> _What to work on_: Beginning with the opening line, set down each line of the material below exactly, stopping once the line with "Faces by surface type: plane" is done.

> _Given information_:
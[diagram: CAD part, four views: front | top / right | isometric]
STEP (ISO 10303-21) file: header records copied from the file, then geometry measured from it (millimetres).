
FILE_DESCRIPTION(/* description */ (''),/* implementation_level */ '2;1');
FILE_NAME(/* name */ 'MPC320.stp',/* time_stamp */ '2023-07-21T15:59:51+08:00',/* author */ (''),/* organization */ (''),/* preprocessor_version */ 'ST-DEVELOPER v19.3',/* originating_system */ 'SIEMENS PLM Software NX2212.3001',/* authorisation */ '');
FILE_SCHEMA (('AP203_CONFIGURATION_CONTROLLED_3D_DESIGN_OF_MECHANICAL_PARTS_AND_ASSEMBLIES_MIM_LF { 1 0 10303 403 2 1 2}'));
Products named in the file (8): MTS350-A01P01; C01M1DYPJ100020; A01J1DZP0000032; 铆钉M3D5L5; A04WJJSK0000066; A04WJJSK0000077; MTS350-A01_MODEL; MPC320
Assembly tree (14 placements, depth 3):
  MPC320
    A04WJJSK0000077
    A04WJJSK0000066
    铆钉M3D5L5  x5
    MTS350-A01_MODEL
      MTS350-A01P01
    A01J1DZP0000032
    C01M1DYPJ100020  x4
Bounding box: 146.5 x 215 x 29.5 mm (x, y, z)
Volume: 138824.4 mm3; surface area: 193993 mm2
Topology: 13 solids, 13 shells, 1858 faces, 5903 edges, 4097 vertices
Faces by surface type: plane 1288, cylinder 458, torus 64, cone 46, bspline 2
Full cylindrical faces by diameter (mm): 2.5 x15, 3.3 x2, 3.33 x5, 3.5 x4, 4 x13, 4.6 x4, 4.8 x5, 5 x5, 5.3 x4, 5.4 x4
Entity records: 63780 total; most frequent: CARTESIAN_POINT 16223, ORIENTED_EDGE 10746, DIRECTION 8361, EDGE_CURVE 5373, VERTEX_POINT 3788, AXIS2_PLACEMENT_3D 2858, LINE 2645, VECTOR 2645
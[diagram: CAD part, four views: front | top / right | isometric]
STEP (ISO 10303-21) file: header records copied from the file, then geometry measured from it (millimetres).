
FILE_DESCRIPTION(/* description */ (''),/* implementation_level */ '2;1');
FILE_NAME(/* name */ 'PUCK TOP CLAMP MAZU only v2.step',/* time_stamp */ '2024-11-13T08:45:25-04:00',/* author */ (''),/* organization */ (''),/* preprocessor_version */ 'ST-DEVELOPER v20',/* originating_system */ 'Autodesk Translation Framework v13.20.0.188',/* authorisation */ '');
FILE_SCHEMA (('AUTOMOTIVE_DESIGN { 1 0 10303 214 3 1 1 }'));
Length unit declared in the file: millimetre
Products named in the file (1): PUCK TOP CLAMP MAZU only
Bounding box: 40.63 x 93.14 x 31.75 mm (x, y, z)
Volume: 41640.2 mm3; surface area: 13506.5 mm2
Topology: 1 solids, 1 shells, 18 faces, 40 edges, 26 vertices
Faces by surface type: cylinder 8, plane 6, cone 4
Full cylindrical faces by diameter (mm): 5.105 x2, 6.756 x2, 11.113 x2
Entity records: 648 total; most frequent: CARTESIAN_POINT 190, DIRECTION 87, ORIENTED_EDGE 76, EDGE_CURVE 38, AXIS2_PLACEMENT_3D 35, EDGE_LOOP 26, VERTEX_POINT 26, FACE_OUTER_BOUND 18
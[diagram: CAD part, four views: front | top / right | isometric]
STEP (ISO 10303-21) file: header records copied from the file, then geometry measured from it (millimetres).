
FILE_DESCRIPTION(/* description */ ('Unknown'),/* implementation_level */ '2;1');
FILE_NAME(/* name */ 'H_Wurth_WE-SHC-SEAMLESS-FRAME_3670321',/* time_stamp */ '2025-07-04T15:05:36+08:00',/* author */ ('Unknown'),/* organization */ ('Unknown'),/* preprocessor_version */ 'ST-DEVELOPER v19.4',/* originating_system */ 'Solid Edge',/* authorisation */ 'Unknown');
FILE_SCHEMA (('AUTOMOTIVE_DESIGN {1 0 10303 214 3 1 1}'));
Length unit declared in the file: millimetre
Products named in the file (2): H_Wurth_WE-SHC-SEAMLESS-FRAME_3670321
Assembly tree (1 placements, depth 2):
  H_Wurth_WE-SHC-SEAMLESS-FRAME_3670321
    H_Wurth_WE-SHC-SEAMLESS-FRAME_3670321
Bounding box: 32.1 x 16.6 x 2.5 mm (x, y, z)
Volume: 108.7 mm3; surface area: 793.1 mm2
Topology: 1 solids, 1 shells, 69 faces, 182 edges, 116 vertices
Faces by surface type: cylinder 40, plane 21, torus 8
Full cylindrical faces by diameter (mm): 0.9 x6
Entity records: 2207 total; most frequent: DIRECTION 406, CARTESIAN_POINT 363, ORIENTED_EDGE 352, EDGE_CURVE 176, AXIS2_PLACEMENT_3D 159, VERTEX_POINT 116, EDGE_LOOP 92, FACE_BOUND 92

> _Result_:
[diagram: CAD part, four views: front | top / right | isometric]
STEP (ISO 10303-21) file: header records copied from the file, then geometry measured from it (millimetres).
FILE_DESCRIPTION(/* description */ (''),/* implementation_level */ '2;1');
FILE_NAME(/* name */ 'MPC320.stp',/* time_stamp */ '2023-07-21T15:59:51+08:00',/* author */ (''),/* organization */ (''),/* preprocessor_version */ 'ST-DEVELOPER v19.3',/* originating_system */ 'SIEMENS PLM Software NX2212.3001',/* authorisation */ '');
FILE_SCHEMA (('AP203_CONFIGURATION_CONTROLLED_3D_DESIGN_OF_MECHANICAL_PARTS_AND_ASSEMBLIES_MIM_LF { 1 0 10303 403 2 1 2}'));
Products named in the file (8): MTS350-A01P01; C01M1DYPJ100020; A01J1DZP0000032; 铆钉M3D5L5; A04WJJSK0000066; A04WJJSK0000077; MTS350-A01_MODEL; MPC320
Assembly tree (14 placements, depth 3):
  MPC320
    A04WJJSK0000077
    A04WJJSK0000066
    铆钉M3D5L5  x5
    MTS350-A01_MODEL
      MTS350-A01P01
    A01J1DZP0000032
    C01M1DYPJ100020  x4
Bounding box: 146.5 x 215 x 29.5 mm (x, y, z)
Volume: 138824.4 mm3; surface area: 193993 mm2
Topology: 13 solids, 13 shells, 1858 faces, 5903 edges, 4097 vertices
Faces by surface type: plane 1288, cylinder 458, torus 64, cone 46, bspline 2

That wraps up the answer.